§ Prompt:
Could you copy every entry exactly, dropping the pictures?

§ Recorded data:
○ ○ ○ ○ ○

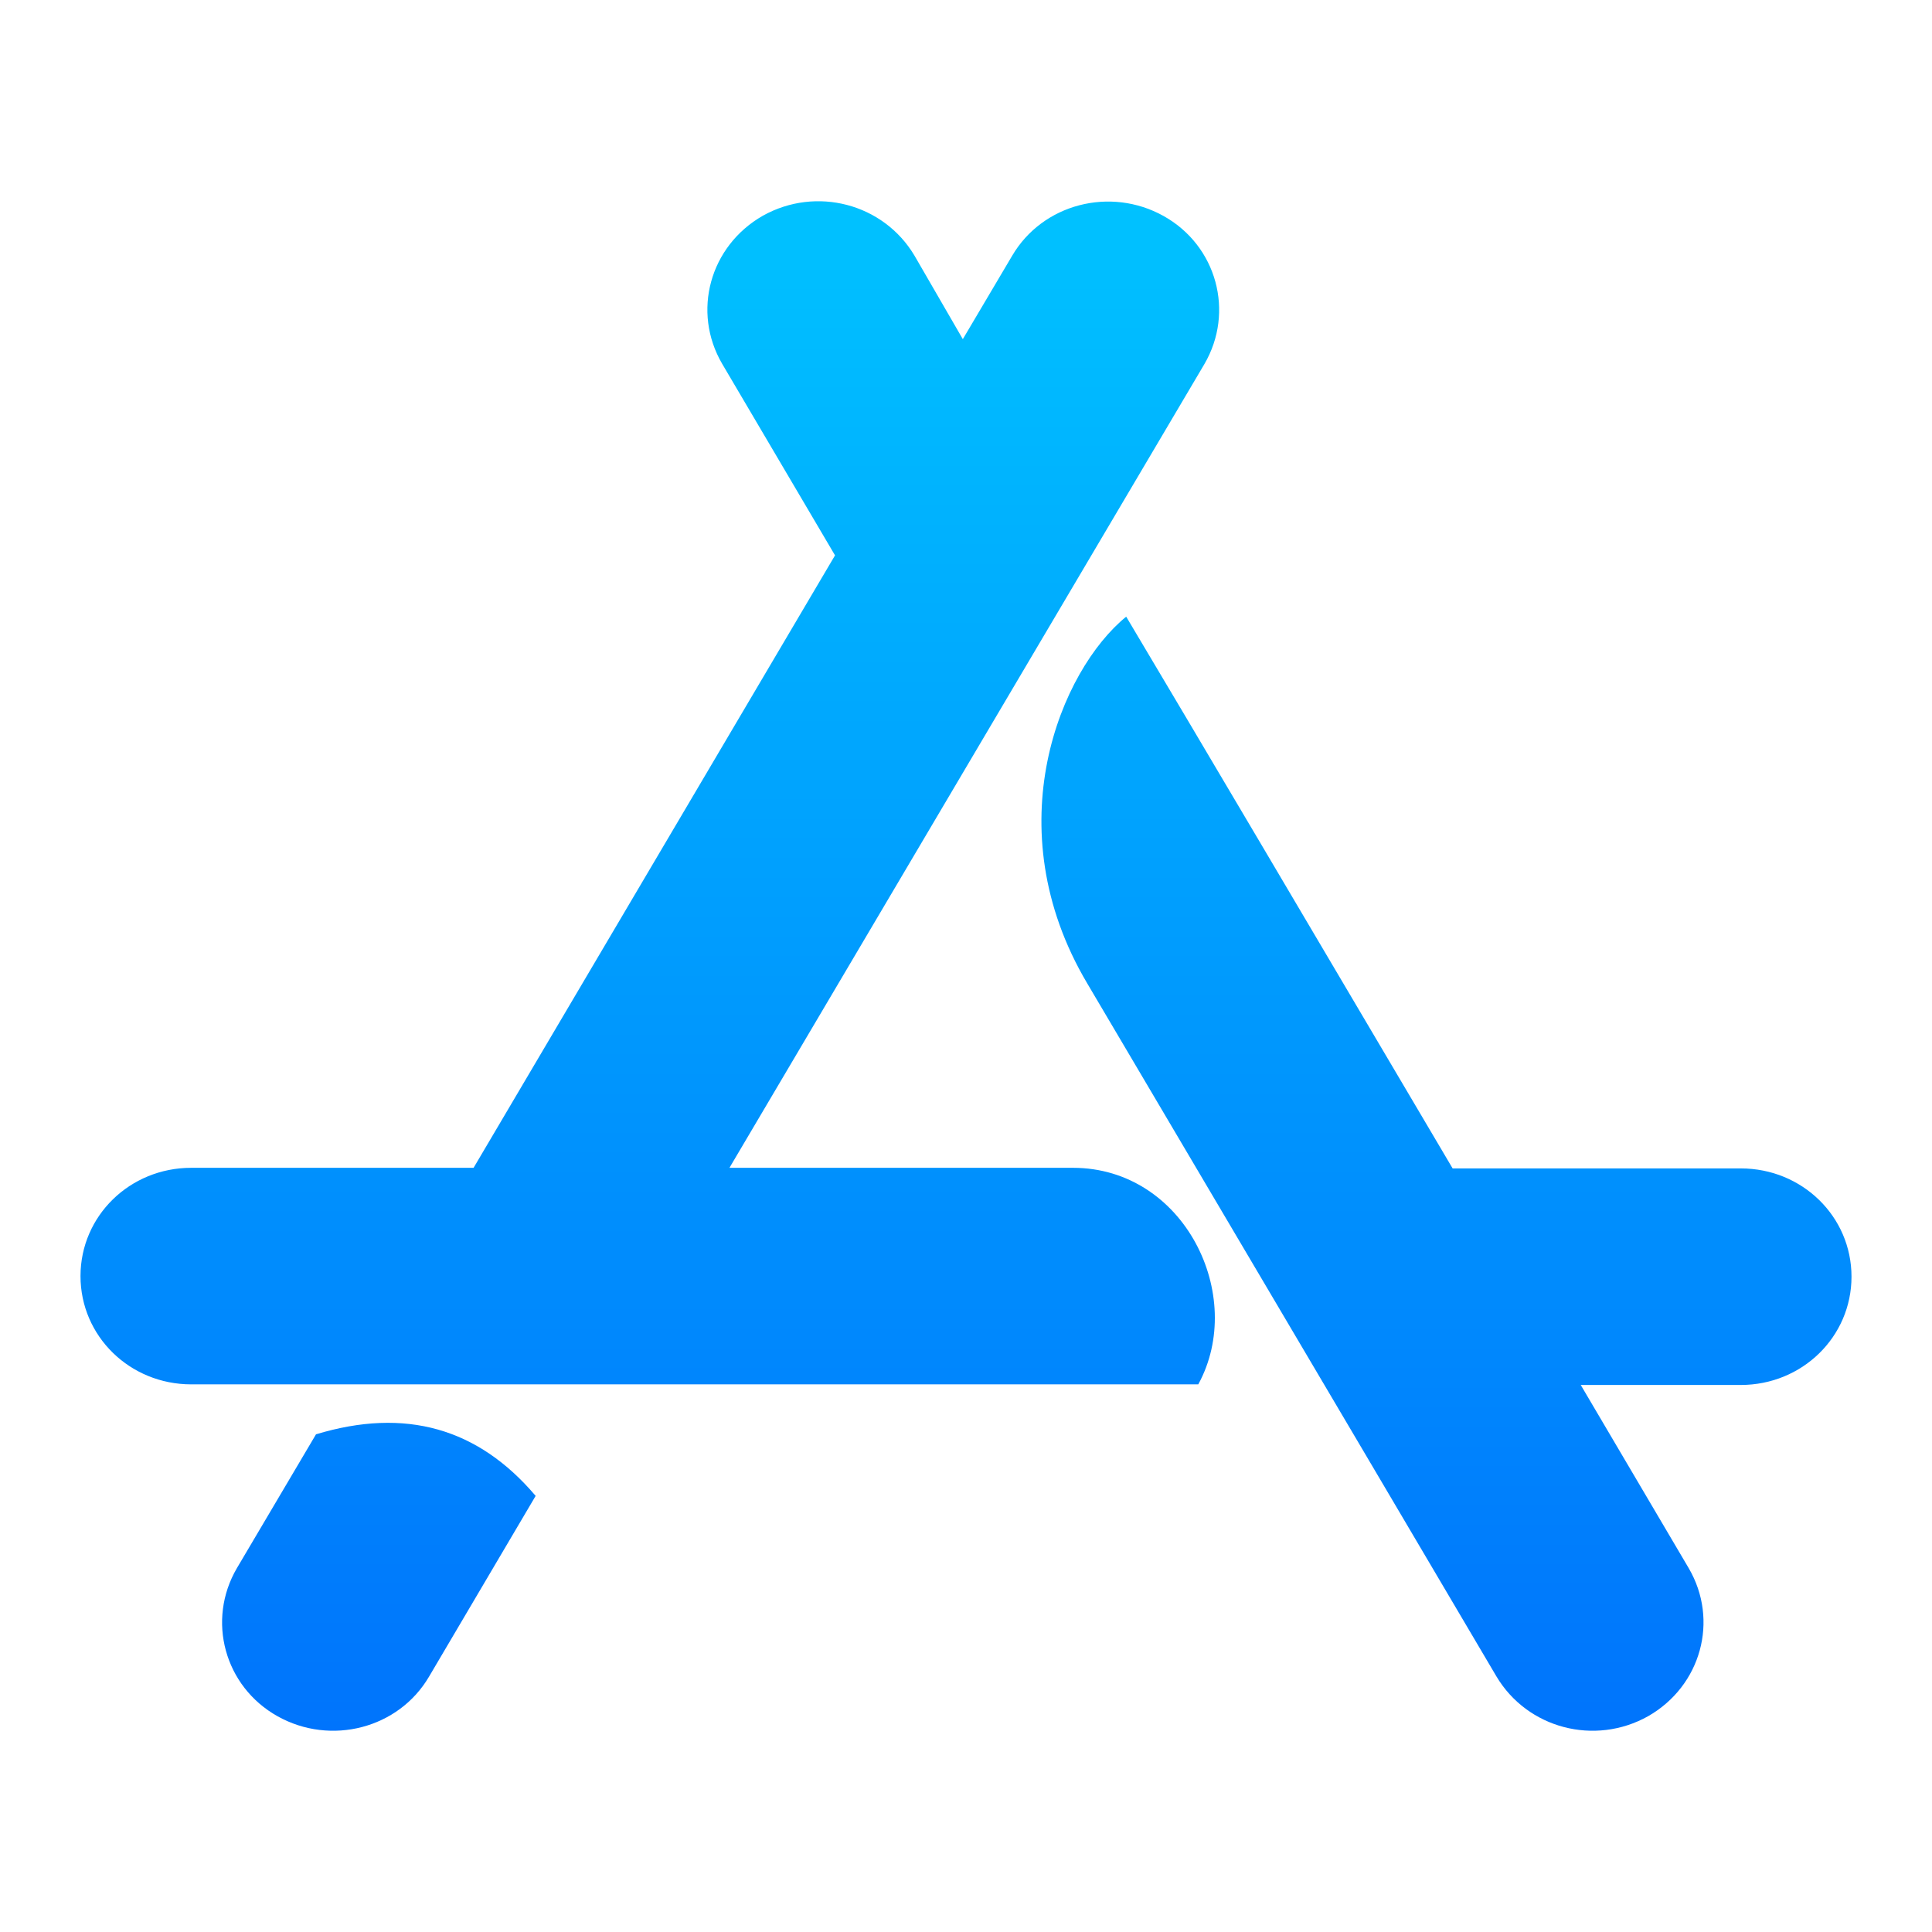 <svg width="48" height="48" viewBox="0 0 48 48" fill="none" xmlns="http://www.w3.org/2000/svg">
<path d="M23.921 8.426L25.145 6.357C25.901 5.064 27.587 4.628 28.91 5.367C30.232 6.106 30.678 7.753 29.922 9.047L18.123 29.014H26.657C29.424 29.014 30.973 32.192 29.771 34.394H4.751C3.225 34.394 2 33.197 2 31.704C2 30.211 3.225 29.014 4.751 29.014H11.766L20.746 13.798L17.942 9.039C17.186 7.746 17.632 6.113 18.954 5.359C20.277 4.62 21.948 5.056 22.719 6.349L23.921 8.426ZM13.308 37.165L10.662 41.651C9.907 42.944 8.221 43.38 6.898 42.641C5.575 41.902 5.129 40.254 5.885 38.961L7.851 35.635C10.073 34.963 11.879 35.48 13.308 37.165ZM36.09 29.029H43.249C44.776 29.029 46 30.226 46 31.719C46 33.211 44.776 34.409 43.249 34.409H39.273L41.956 38.961C42.712 40.254 42.266 41.887 40.943 42.641C39.62 43.38 37.95 42.944 37.179 41.651C32.659 33.987 29.265 28.253 27.012 24.432C24.707 20.545 26.355 16.643 27.98 15.321C29.786 18.351 32.485 22.925 36.09 29.029Z" fill="url(#paint0_linear_1368_29)"/>
<defs>
<linearGradient id="paint0_linear_1368_29" x1="24" y1="5" x2="24" y2="43" gradientUnits="userSpaceOnUse">
<stop stop-color="#00C2FF"/>
<stop offset="1" stop-color="#0074FC"/>
</linearGradient>
</defs>
</svg>

○ ○ ○ ○ ○

§ Task response:
 <svg width="48" height="48" viewBox="0 0 48 48" fill="none" xmlns="http://www.w3.org/2000/svg">
<path d="M23.921 8.426L25.145 6.357C25.901 5.064 27.587 4.628 28.91 5.367C30.232 6.106 30.678 7.753 29.922 9.047L18.123 29.014H26.657C29.424 29.014 30.973 32.192 29.771 34.394H4.751C3.225 34.394 2 33.197 2 31.704C2 30.211 3.225 29.014 4.751 29.014H11.766L20.746 13.798L17.942 9.039C17.186 7.746 17.632 6.113 18.954 5.359C20.277 4.62 21.948 5.056 22.719 6.349L23.921 8.426ZM13.308 37.165L10.662 41.651C9.907 42.944 8.221 43.38 6.898 42.641C5.575 41.902 5.129 40.254 5.885 38.961L7.851 35.635C10.073 34.963 11.879 35.48 13.308 37.165ZM36.09 29.029H43.249C44.776 29.029 46 30.226 46 31.719C46 33.211 44.776 34.409 43.249 34.409H39.273L41.956 38.961C42.712 40.254 42.266 41.887 40.943 42.641C39.62 43.38 37.95 42.944 37.179 41.651C32.659 33.987 29.265 28.253 27.012 24.432C24.707 20.545 26.355 16.643 27.98 15.321C29.786 18.351 32.485 22.925 36.09 29.029Z" fill="url(#paint0_linear_1368_29)"/>
<defs>
<linearGradient id="paint0_linear_1368_29" x1="24" y1="5" x2="24" y2="43" gradientUnits="userSpaceOnUse">
<stop stop-color="#00C2FF"/>
<stop offset="1" stop-color="#0074FC"/>
</linearGradient>
</defs>
</svg>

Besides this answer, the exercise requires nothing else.